===== Record excerpts =====
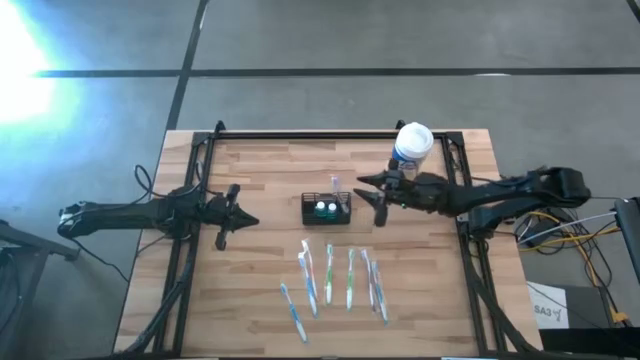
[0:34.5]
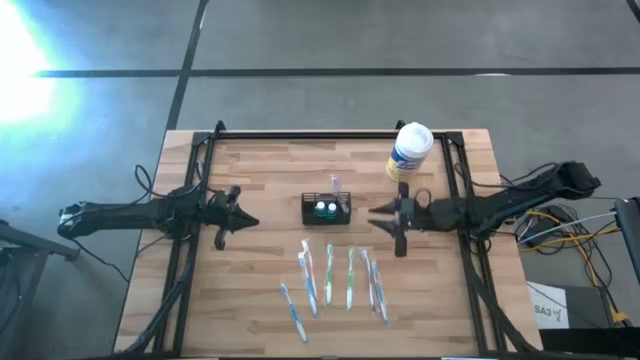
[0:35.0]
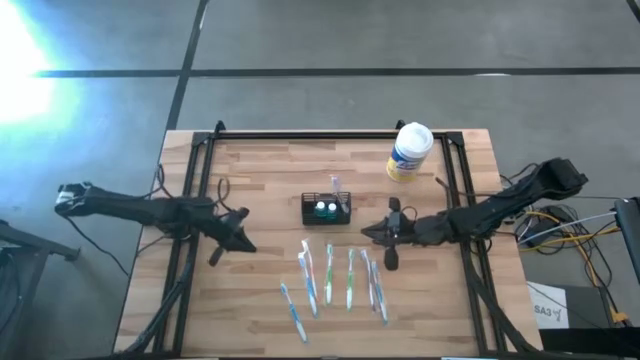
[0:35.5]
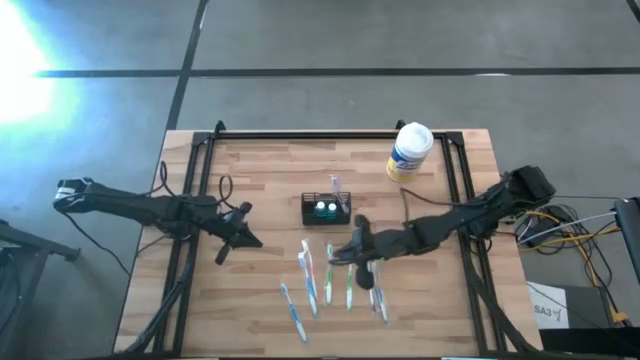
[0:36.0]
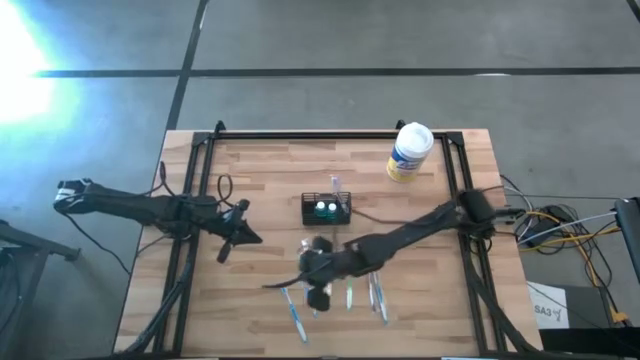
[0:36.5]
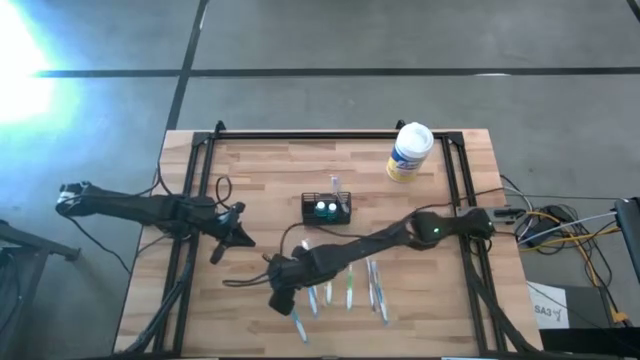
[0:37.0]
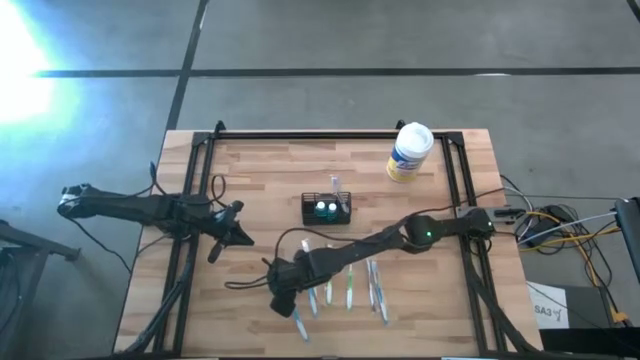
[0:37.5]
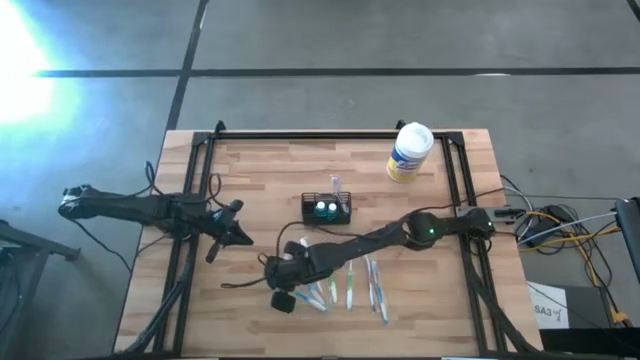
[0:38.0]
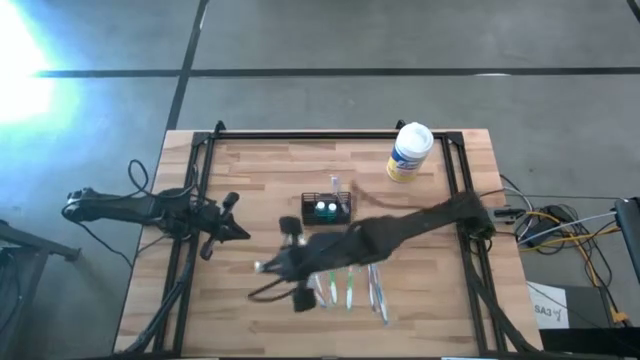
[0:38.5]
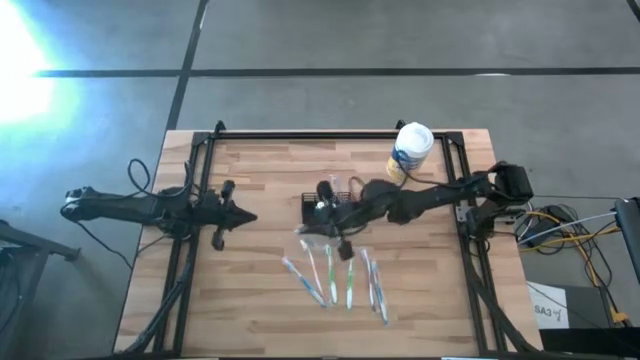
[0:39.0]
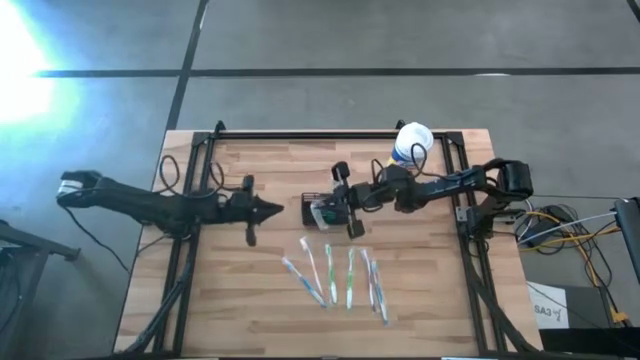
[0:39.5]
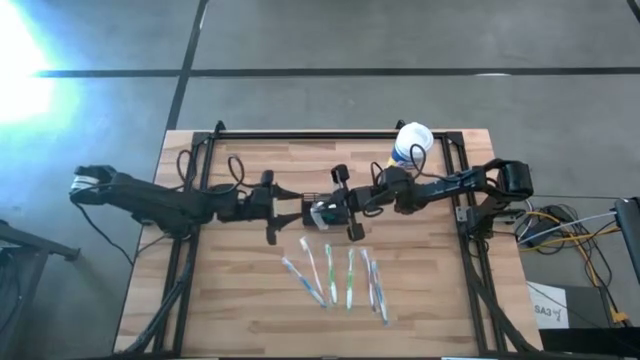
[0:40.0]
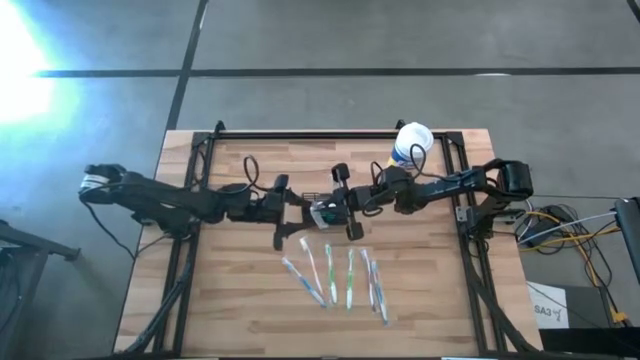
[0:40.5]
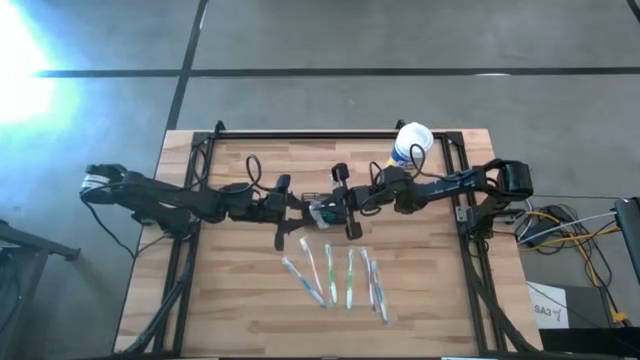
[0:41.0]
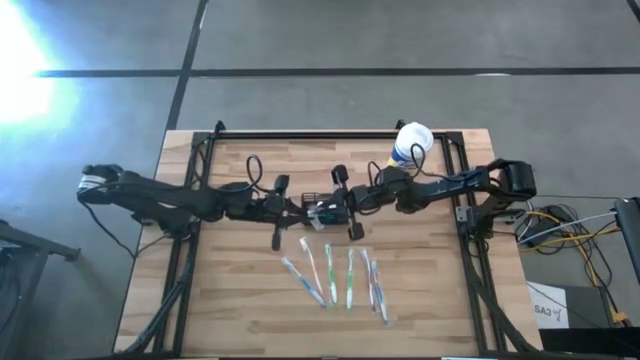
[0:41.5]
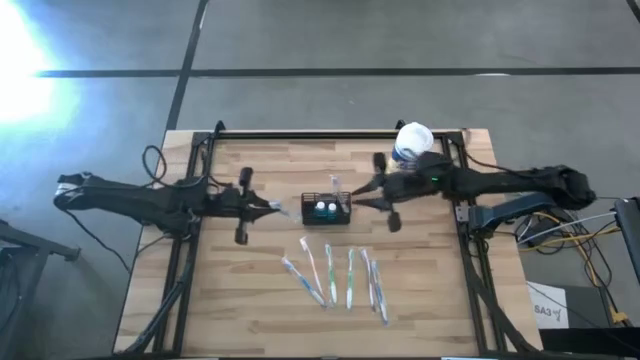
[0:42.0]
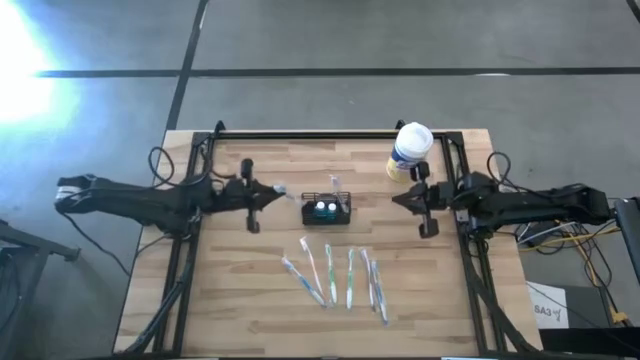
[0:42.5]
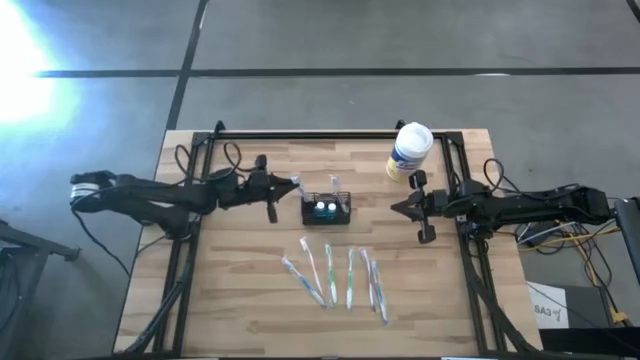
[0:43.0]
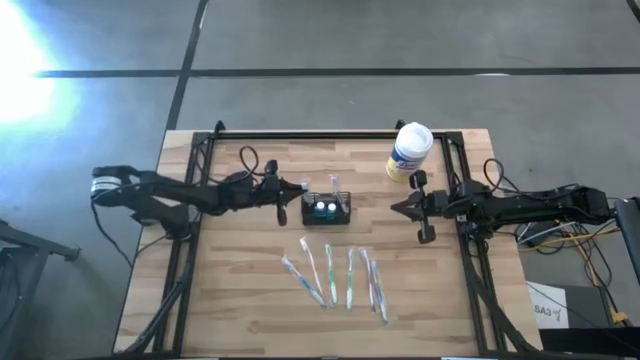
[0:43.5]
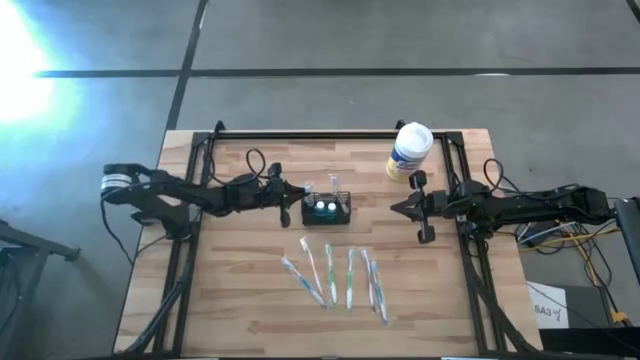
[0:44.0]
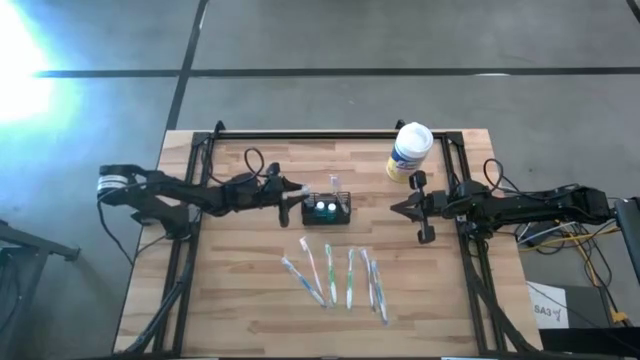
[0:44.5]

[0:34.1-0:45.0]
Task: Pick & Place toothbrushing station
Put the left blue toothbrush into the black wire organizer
=====
Task requirements
All of the entries above should be retyped exactly, with the pictures left out.

Exercise output
[0:34.5]
[0:35.0]
[0:35.5]
[0:36.0]
[0:36.5]
[0:37.0]
[0:37.5]
[0:38.0]
[0:38.5]
[0:39.0]
[0:39.5]
[0:40.0]
[0:40.5]
[0:41.0]
[0:41.5]
[0:42.0]
[0:42.5]
[0:43.0]
[0:43.5]
[0:44.0]
[0:44.5]

[0:34.1-0:45.0]
Task: Pick & Place toothbrushing station
Put the left blue toothbrush into the black wire organizer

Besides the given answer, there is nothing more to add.